I used to do some diving, and I had a Nikonos. My favorite shots were taken with a close up attachment. The pics take on an alien quality because of the size tension. This one is nice and the subject matter is recognizable. The liting is good despite it being from a flash. This one always struck me as a good magazine cover. The film was Kodachrome.
Monday, April 03, 2006

Man, this one really works for me. I tried to crop it for a print for a gift, and any crop I tried diminished it. Great lighting, the composition rocks, the flowers are evocative. This is one of my favorites. It was a found composition if I recall, 80s, kodachrome and Nikon. I used to worry and think about where the composition was found or not. No more, I outgrew the purist approach.
Very recent, last week as a matter of fact. Brothers. Sure, they are on the beach and the girls are in the water, but they are together and the girls more separate. Developmentally they will seperate, but now they are together. My boys, two of the triplets. They share a bond together that they do not share with their sister. This is a snapshot of them together, their brotherhood.I have no brother. But rather than lament that, this celebrates what God gave them. Each other among other blessings.
And aren't polarizers wonderful? This is a digital image, and the polarizer works its magic on the scene, bluer blues, a prettier ocean that it actually was. But it is about the boys. I love you boys. I am glad we have each other.

This one is from college, likely early 80s. Great use of selective focus, without the shallow depth of field there is no commentary, it is just a scene. Not that there is anything wrong with that, but the tension and the comment and the interest come from the out of focus men walking up on the reading, in focus woman. There is nothing nefarious in this one, nothing ominous in the approaching men, but they are unseen and out of focus.
That brings the questions. Her relationship to men becomes interesting, all women's relationships to men becomes interesting. Why is the woman in focus and the men out? Is it OK that she is not interested in the men?
Breaking the fourth wall, she was also unaware of the third man, me. I was watching her not watching us. And I was focusing on her not focusing on us. Looking at the pic now, I wonder if a more interesting cropping would be waranted. As it is, there is a nice balance, I wonder what it would be like to unbalance it.
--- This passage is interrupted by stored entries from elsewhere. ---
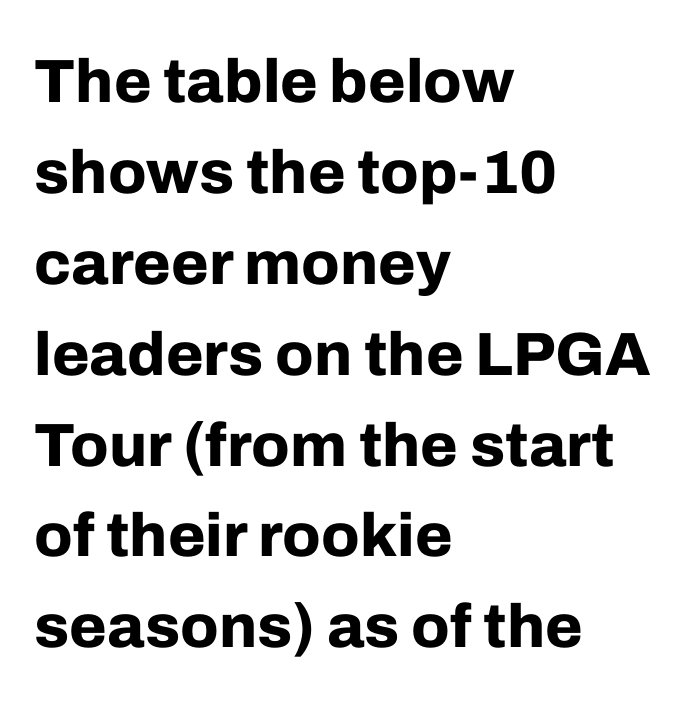
Q: Is the text bold? A: Yes.
Q: Is the text italic (slanted)? A: No, it is upright.
Q: Is the typeface a serif or a sans-serif typeface? A: Sans-serif.
Q: Is the text underlined? A: No.
Q: How is the paragraph aligned? A: Left-aligned.
Q: Is the spacing between letters normal or unusually wide? A: Normal.
Q: Is the spacing between lines tight, normal or loose? A: Normal.
Q: Width (condensed, normal, or wide)? A: Normal.
Q: Stroke contrast? A: Low.
Q: x-height? A: Medium.
Q: Monospaced? A: No.

In the old days, I was a full frame or nothing kind of a guy. I even paid extra for a negative carrier that printed the edges of the negative, so you could see that it was all I took. That was a kind of purity I am no longer interested in. Now the print is more important than the negative.
Mom and Dad
Mom and dad, 1950 or so Kodachrome taken on a camera I still have. An Argosy, common, cheap, and obviously nice glass when stopped down sufficiently. Mom is looking at dad's copy of the same camera. My Uncle Ray took this. He survives while the rest have left. What an amazing image. The bridge is in Washington or Oregon. The scene is classic, razor sharp. It did not take too much restoration to get to this. Again, looks amazing large. Mom is proud, dad befuddled. He had not yet stopped the pipe. In looking at this picture he enjoyed it for a couple of seconds then made a disparaging comment about his posture! This is one of my favorite pictures. I need to print it for my office. This week. I hope you like it.
Sunday, April 02, 2006

My brood. They were looking out the window at a cat in a neighbors yard. We were in Shreveport, LA to bury my mother in law. Shots of the back are a challenge. This one works for me. The light ir right, there is a sweetness in the rapt attention being paid to outside. The outside exposure is bright, but not too. Kinda like the walk to paradise garden, the pic pulls you inside. The print is lovely, rich, warm colors. There is also a sweetness in the relationship shown between my eldest and my youngest, her cheek touches his head. They are almost straining to see. Calm and yearning.